One year ago today, momversusmarketer was born. Like all milestones, it seems like I was slugging it out on the elliptical just yesterday when the idea hit me. On the other hand I find it hard to picture a time before the blog existed. With 34 posts under my belt, I’ve covered a lot of territory. Everything from strategic commentary on RIM’s management re-structure to personal reflections on my Mother’s life and the lessons she taught me.
Before I quit my corporate job, I kept my work-self and my home-self pretty separate from each other. But now, working on marketing consulting projects at my dining room table with a load of laundry tumbling around in the background, my worlds collide.
And it’s not just me. The digital age is bringing all of us together in new and sometimes uncomfortable ways.
I heard a debate recently over whether it was appropriate for a company to demand access to a potential employee’s facebook profile as a condition of employment. As you can imagine, the candidate was hesitant to grant this access. What if someone, somewhere in the annals of the monolith that is facebook, tagged a photo of her from years gone by wearing a wet t-shirt and drinking beer from a funnel? Would it cost her the job? As long as she didn’t wear that wet t-shirt to work, or drink beer from a funnel at the company picnic, it shouldn’t be a problem, right? But the nagging question is whether or not the company would be willing to see beyond the photo and trust that most people have the good sense to know there is a time and a place for this sort of thing.
We worry that a temporary lapse in judgement will be taken out of context and used against us.
While working as a waitress at Pizza Chief one summer, I deeply regret the angle at which I was holding a young family’s pizza while focussed the jug of root beer I was placing down. Much to my horror, the pizza slid from the pan onto their table, partially upside down in the ashtray. With two hungry kids and a 1980’s industrial oven that required 20 minutes to produce a fresh pizza, the mother chose to brush off the ashes and eat the messy pie rather than wait for another. Imagine the YouTube potential had all this been caught on video! Most restaurant servers have at least one embarrassing story to tell, but what if all these mis-steps were posted for pre-employment scrutiny? Would we eventually all end up having to dine out buffet style?
Transparency is something we demand of corporations, something we desire of our government and something that we count on in our closest relationships. But when it comes to our interaction with the world at large, transparency makes us vulnerable and that can be scary. By far the most frightening blogs I posted over the past year were the ones about my Mom. After posting each one, I closely monitored my readership statistics. I could see that people were reading them but the posts received no comments. I worried that my brothers had taken issue with how I described our Mother. I worried that my business colleagues were thinking that the disciplined business professional they once knew, had into a sappy navel-gazer.

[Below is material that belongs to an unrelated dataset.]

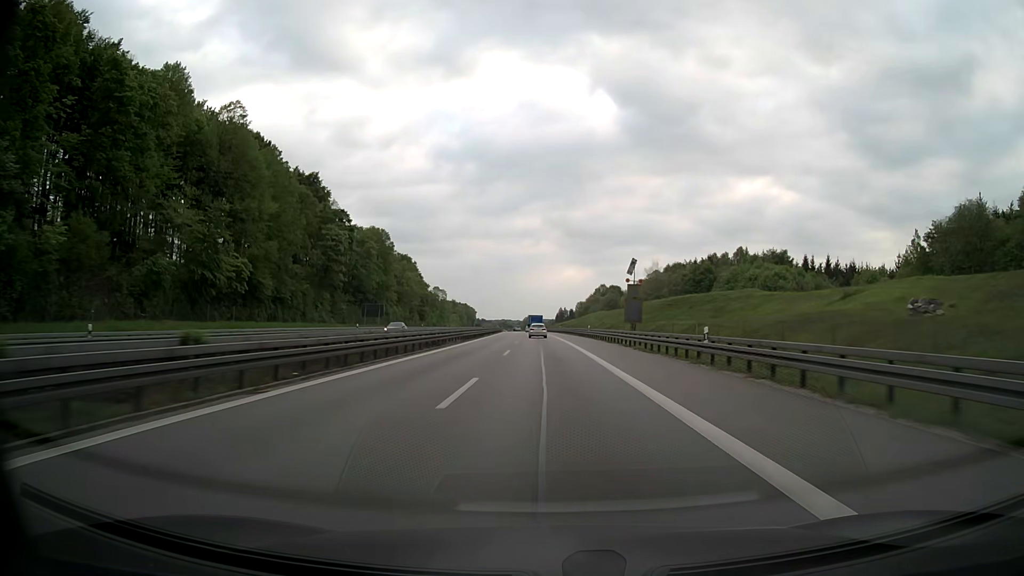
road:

Interestingly, although the online comments were thin, I have since learned that these were some of my readers’ favourite posts. In writing these pieces, I exposed a part of myself that few had seen before. Private thoughts turned public. People got a more complete picture of who I am, where I came from and the experiences that shaped my whole person. And having this insight has made all my writing a little more interesting to read.
So perhaps more transparency is a good thing. Sharing our flawed human experience can help us connect to each other. It can give us broader insights that might make us more forgiving of future mistakes. And knowing that passing words and actions can have permanence in today’s digital age may even contribute to increased civility at large, by motivating people to hold themselves to a higher standard in their day to day lives. Wise words to live by — If you won’t be proud of it in the morning, don’t do it tonight.
I must admit, I’m pretty proud of momversusmarketer. By merging multiple sides of myself (mom, marketer and writer) I’ve developed new insights that I think have made me better on all three fronts. Inner collaboration. Like swamp-water from the soda machine; the magic is in the mixing.